Николай меня тогда в магазине, конечно, не заметил. А тут поднял глаза, и я поняла – восхищен. Еще бы: похудевшая после болезни, подкрашенная и в кимоно, я сама себе нравилась.
– Что? – переспросил он. Вероятно, подумал, что ослышался.
Я засмеялась:
– Не обращайте внимания. Заговариваюсь иногда…
Пришел сынуля и принялся откровенно разглядывать сантехника. Тот забеспокоился, затикал глазом. Я пнула Лерку под столом и тотчас схлопотала в ответ. К счастью, нижняя возня никак не отразилась на учтивом лице сына. Моя выучка.
Вначале беседовали о погоде, потом о предстоящих выборах и ценах на продукты. Стандартный набор тем перед примеркой к более близкому знакомству.
– Николай разведен, – быстро выпалила бабка в паузе. Дождалась момента.

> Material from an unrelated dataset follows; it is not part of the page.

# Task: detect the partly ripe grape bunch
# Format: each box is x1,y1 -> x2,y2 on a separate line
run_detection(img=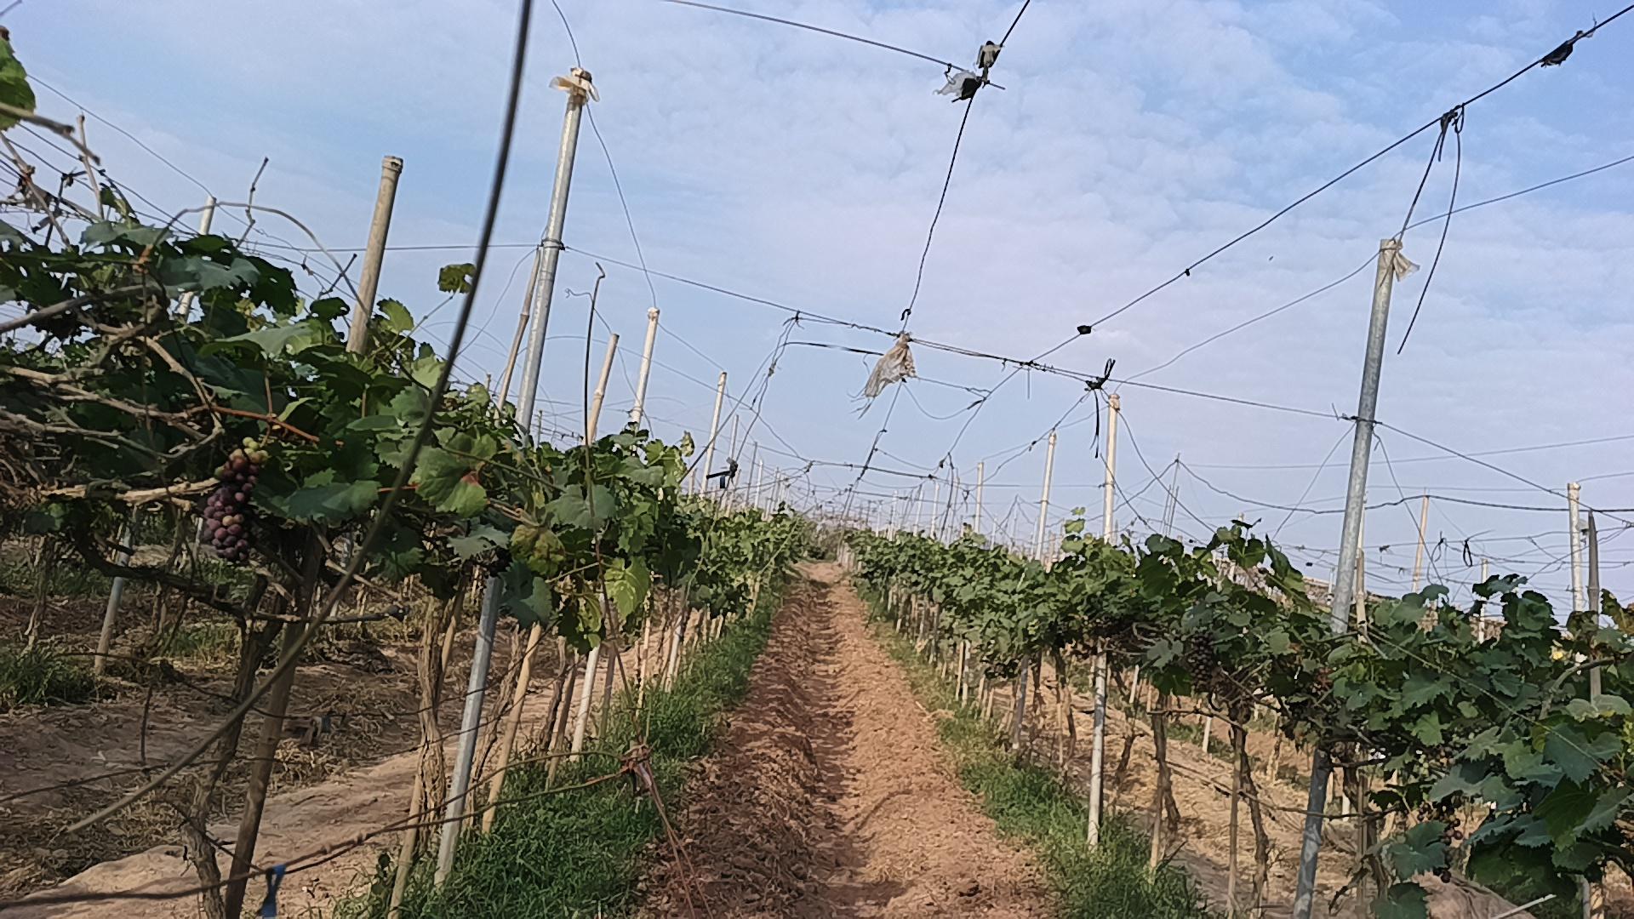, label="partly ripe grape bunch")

Сын славной Веры Васильевны покраснел.
– Какое удачное совпадение – мамуля тоже разведена, – артистично всплеснул руками Лерка.
– Валерий, сегодня по телевизору фильм с твоими любимыми вампирами, – напомнила Роза Федоровна, оскалив роскошную вставную челюсть.
– Да-да, конечно. Я его у Нинки посмотрю. Там и переночую. Мамуля, бабуля, целую ручки, спок ночи. Чао, Николай… э-э…
– Семенович, – подсказал сантехник.
– …Симеонович. – Леркино лицо изобразило верх любезности. – Мне теперь завтра прийти, Николай Семидронович, или через неделю? Вы же, надо полагать, надолго задержитесь, Николай Семизвонович? Вам же для полного счастья еще толчок в туалете поменять придется, да, Николай Семипупович? – Последнее Лерка выкрикнул уже за порогом.
– У мальчика переходный возраст, десятый класс, отца нет, вот и распустился, вы, пожалуйста, простите, – голос у бабки многочастотный, как у вьетнамца, одновременно сконфуженный и заискивающий, – фильмы американские любит смотреть про зомбей и мертвецов, – это выпад уже в мою сторону.
Вслушиваясь в затихающий перестук Леркиных скачков по лестнице, я напряглась… И меня понесло. Может, не полностью оправилась после компота?..
Я говорила что попало, а сама в бешенстве гадала, к какой из Нинок ушел сын. Если к однокласснице, то ничего, но если к шалаве Нинке из соседнего подъезда… Я грубо сказала Розе Федоровне, что величайшая глупость с ее стороны – брать на себя обязанности свахи, пользуясь для организации случки бытовыми неполадками. Пусть вспомнит, кем она мне приходится.
Бабка с сантехником растерялись. Пока они пребывали в ступоре, я предположила, что являюсь не первой незнакомой женщиной, кому Николай преподносит «Мукузани» с целью заманить в постель. Однако здесь-то не на такую напал, стало быть – до свидания, бонжур, ауф-видерзейн, наше вам с кисточкой, с огурцом-с… В общем, «по плодам их узнаете их». Евангелие от Матфея.
Лерка нарисовался почти сразу же, едва за Николаем закрылась дверь. Под лестницей, наверное, прятался. Развязно осведомился, раскидывая грязные ботинки:
– Как женишок, мамуля?
…Это была первая пощечина в жизни сына. И в моей. Дернувшись, Лерка уставился на меня, будто не веря. Вместе с ударенной покраснела и вторая щека.
Дальше было то, чего я никак не ждала. Мне не прилетело обратно. Сын не заругался матом, не хлопнул дверью, уходя навсегда. Он просто сел на пол и разревелся как маленький.